How to Use MultiPlan Insurance (PHCS) for Detoxification, Rehab, and Dual Diagnosis Treatment

Know your rights. Call 1-800-270-1389 to get help today!

What is MultiPlan Insurance?

MultiPlan is a facilitator of preferred provider organization (PPO) networks operating in certain areas of the United States. MultiPlan isn’t a company that directly provides insurance to members. Instead, members access MultiPlan health insurance services through an administrator of a health plan or the payer of medical bills. MultiPlan offers discounted rates on providers and they also connect people with nearly a million PPO healthcare providers not only in the southwest but also in Wisconsin and other states throughout the country.

MultiPlan also offers services for government and commercial healthcare programs. When someone has insurance through one of the insurance payers and carriers that work with Multiplan, their coverage is considered part of the MultiPlan network.

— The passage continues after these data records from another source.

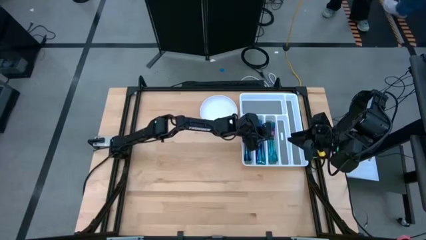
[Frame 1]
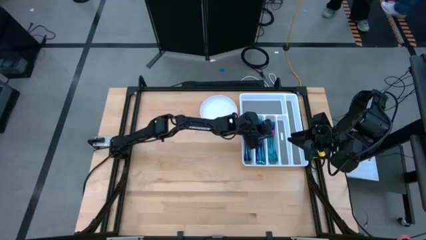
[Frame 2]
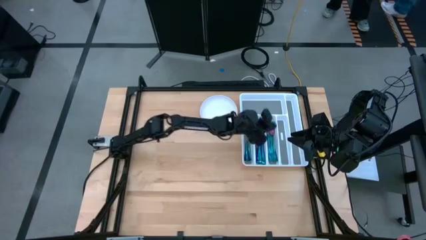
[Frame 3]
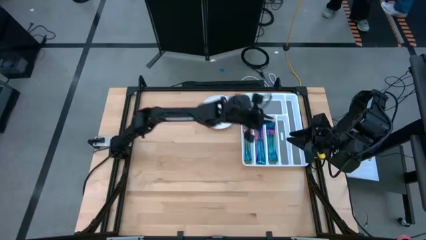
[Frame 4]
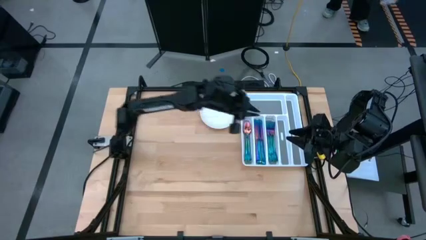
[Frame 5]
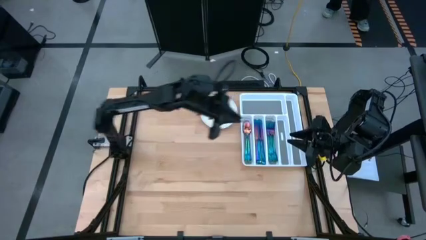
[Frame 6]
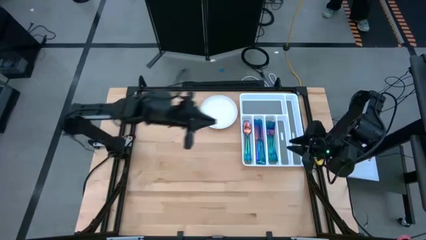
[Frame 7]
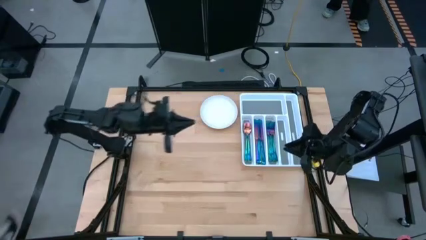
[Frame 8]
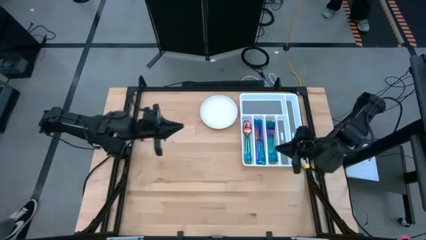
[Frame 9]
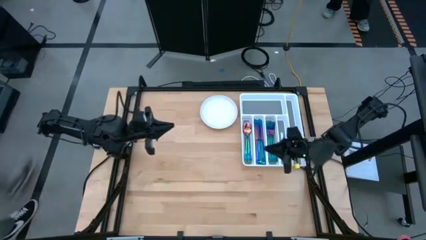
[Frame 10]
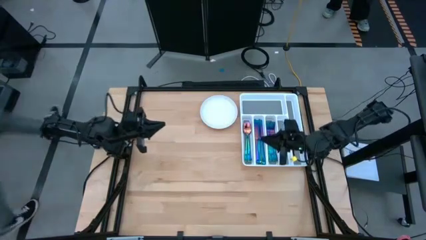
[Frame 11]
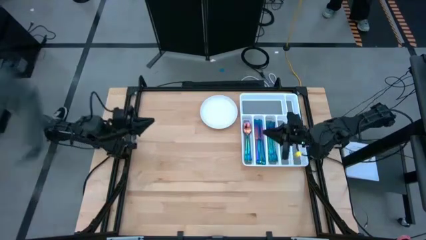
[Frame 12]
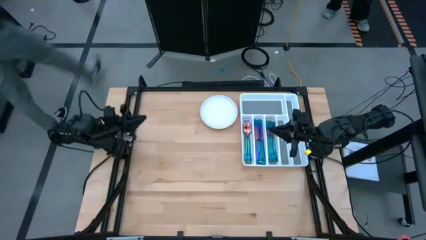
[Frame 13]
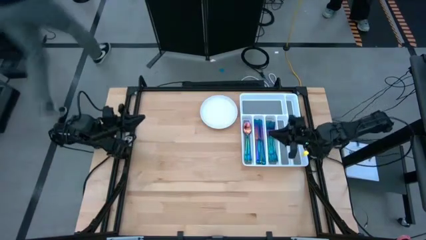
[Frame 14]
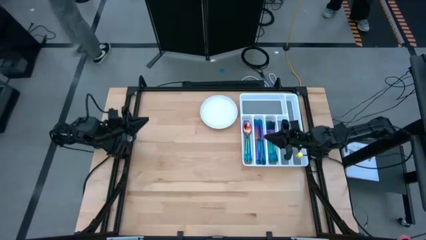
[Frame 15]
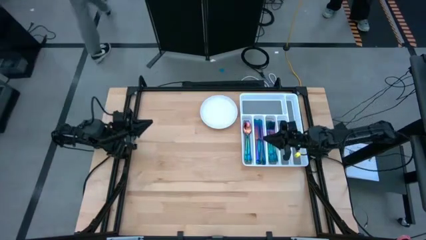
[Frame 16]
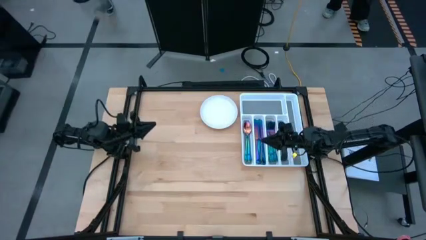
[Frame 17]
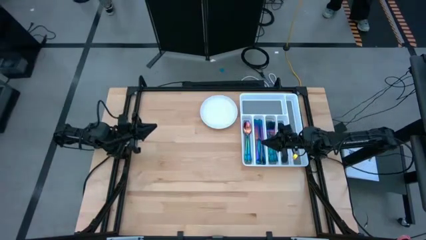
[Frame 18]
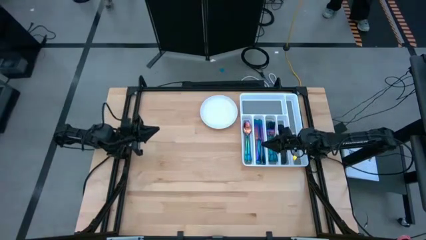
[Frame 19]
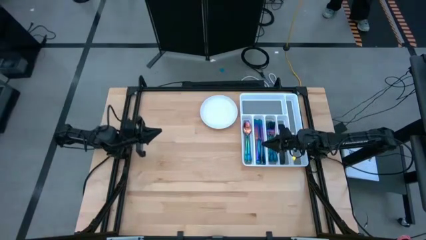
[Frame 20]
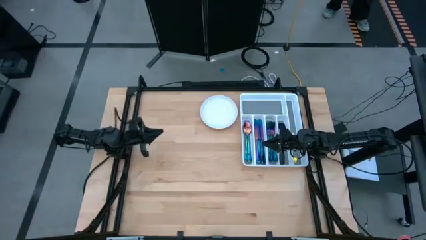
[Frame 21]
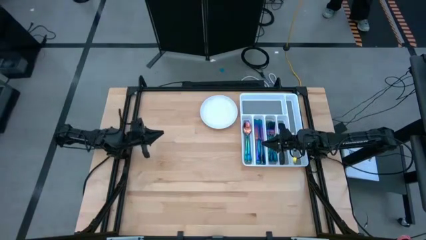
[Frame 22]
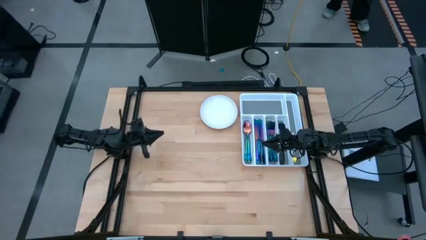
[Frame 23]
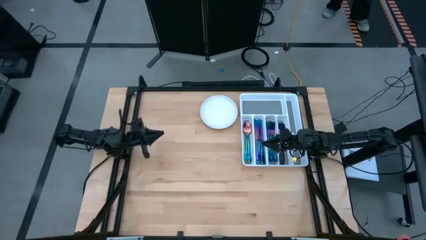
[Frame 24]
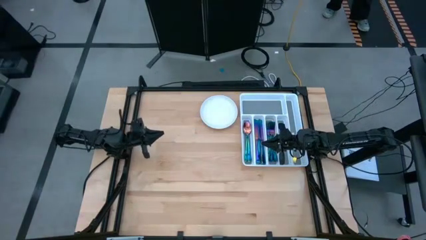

With a PPO there is typically more flexibility as compared to health maintenance organization (HMO) plans, and there are fewer restrictions on seeing providers outside of the network. While a PPO may cover the costs of non-network services and providers, they will usually do so at a lower rate.

Does MultiPlan Cover Drug & Alcohol Detox?

The insurance plans that are part of MultiPlan’s network will cover a broad range of services. The provision of drug and alcohol detox and addiction treatment was also significantly expanded by most insurance companies following the enactment of the Affordable Care Act. The Affordable Care Act requires marketplace insurance plans to cover mental health and substance abuse treatment as essential health care services.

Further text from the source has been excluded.